Визуальный текст Пряжко имеет сюжет. Показывая смену фотографий на экране перед публикой, сидящей в театральных креслах, Волкострелов не путает именно такой нарратив с нарративным фильмом и демонстрирует постконцептуальное театральное искусство.
Фотографии Пряжко снимал в белорусских пейзажах, интерьерах. Это реальность, в которой жизнь персонажей других его пьес протекает и утекает, если бы не оставалась на карточках или в текстах.
Визуальный текст с соответствующими репликами («на следующей я», «говорят, я похож на Гитлера») представляет Пряжко в качестве персонажа. Но главное – этот персонаж-фотограф упраздняет оппозицию между субъектом изображения и его автором (реплика: «девушка-фотограф гуляет по городу и слушает в наушниках Земфиру»).

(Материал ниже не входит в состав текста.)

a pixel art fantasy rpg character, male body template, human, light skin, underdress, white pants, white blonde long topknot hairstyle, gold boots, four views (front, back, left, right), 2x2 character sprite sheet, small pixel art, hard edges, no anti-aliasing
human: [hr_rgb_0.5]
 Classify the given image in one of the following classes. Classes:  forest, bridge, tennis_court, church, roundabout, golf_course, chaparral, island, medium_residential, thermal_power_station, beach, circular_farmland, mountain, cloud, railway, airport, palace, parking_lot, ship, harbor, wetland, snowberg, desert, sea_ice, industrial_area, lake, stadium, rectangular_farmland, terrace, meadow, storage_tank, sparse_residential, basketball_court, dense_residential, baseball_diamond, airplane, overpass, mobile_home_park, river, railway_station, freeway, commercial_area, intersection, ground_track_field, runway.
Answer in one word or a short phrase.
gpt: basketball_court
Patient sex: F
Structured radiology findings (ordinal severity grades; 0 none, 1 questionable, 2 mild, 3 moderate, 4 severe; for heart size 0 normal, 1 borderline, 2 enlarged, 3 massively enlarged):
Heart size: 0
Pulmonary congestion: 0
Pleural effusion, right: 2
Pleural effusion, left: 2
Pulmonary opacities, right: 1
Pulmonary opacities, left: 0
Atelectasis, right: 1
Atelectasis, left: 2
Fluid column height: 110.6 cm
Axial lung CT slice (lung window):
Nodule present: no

Когда-то Лев Рубинштейн написал текст «Это я». На библиотечных (каталожных) карточках – «носителях» его постпоэзии – он расположил реплики-титры. Читатель карточек становился зрителем воображаемого кино Рубинштейна или собственного. Мысленно проецировал на белые картонки фотографии из своего семейного альбома, то есть визуализировал реплики.

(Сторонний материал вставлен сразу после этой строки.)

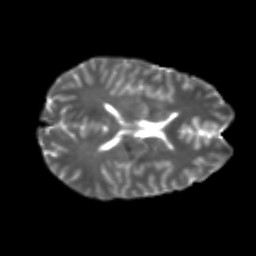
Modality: T2w
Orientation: axial
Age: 22
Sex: male
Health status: healthy
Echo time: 0.074 s
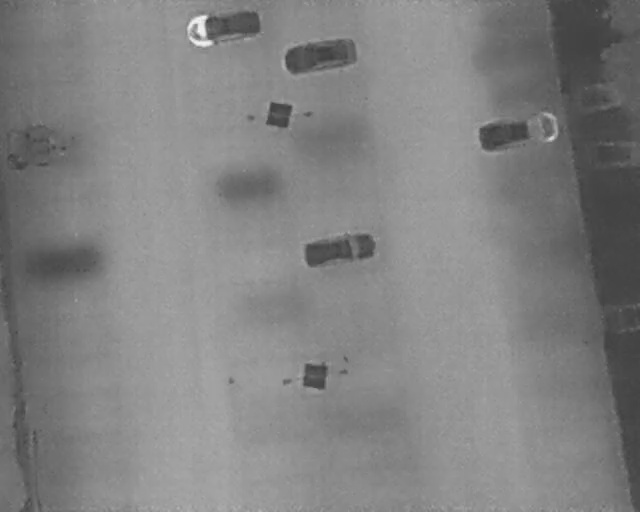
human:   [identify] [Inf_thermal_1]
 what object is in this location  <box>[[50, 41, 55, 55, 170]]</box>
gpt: <ref>1 medium car at the center</ref>
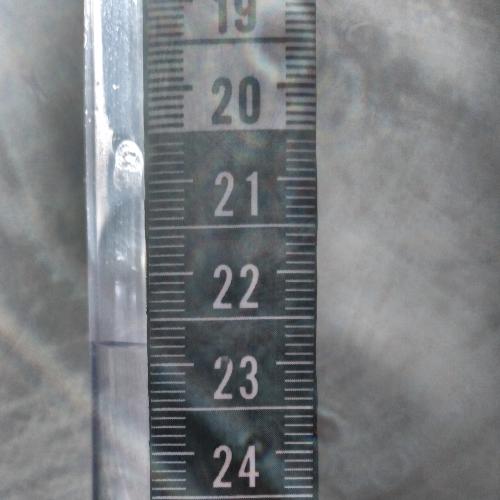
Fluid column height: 22.7 cm
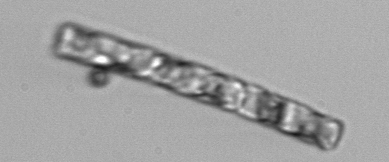
Label: Guinardia_delicatula
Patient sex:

Пряжко и героиня его карточек, тоже фотограф, создают визуальный текст для посттеатра. Композиция их сериальных картинок структурирована ритмом и рифмами объектов/субъектов. Два человека снимают друг друга, городские и сельские пейзажи, прохожих. Снимают «с первого этажа» (это реплика), через окно, буквализируя метафору «окна в мир». Показывая расширяющуюся вселенную. Осенние пейзажи. Заморозки, прелые опавшие листья. Землю, воду, небо, закаты, сумерки, дождь, хлябь, туман. Детские площадки, фонтаны, туннель, мосты, вышки с током высокого напряжения, собаку, объявление на стволе дерева о пропаже сеттера, уток в водоеме, гостиничный номер, экскаваторы, диваны в мебельном магазине с репликой, единожды озвученной голосом Пряжко: «Мама меня просила недорогие диваны ей посмотреть». Толпу людей, снятых со спины, на уличных переходах, рынках, в парках. На крупных, общих, средних планах. Фрагментарно, мобилизуя поэтические складки восприятия «части вместо целого», которое монтирует в своем сознании театральная публика.

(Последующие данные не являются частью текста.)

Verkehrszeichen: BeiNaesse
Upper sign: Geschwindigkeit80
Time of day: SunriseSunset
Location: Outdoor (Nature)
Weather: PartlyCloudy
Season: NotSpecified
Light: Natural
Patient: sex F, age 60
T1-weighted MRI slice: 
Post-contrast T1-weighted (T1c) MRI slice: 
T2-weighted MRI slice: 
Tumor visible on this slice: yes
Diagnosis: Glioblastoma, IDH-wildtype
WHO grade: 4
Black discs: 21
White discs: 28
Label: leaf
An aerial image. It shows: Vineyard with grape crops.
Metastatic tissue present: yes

Волкострелов, вписавший театр в современное искусство, еще и потому не показывает постспекталь «Я свободен» в музейной зоне, что эти стоп-кадры, сложенные в историю тех, кто снимает, в историю того, что они снимают, вменяет отношениям «сцены и зала» статус нового (за пределами отличий) искусства. Не театра, не кино, а «театра post», который в данном проекте настраивает глаз зрителя на «третий смысл».
О третьем смысле, как известно, писал Ролан Барт, размышлявший об одном кадре эйзенштейновского «Ивана Грозного», в котором двое придворных низвергали на голову юного царя золотой дождь.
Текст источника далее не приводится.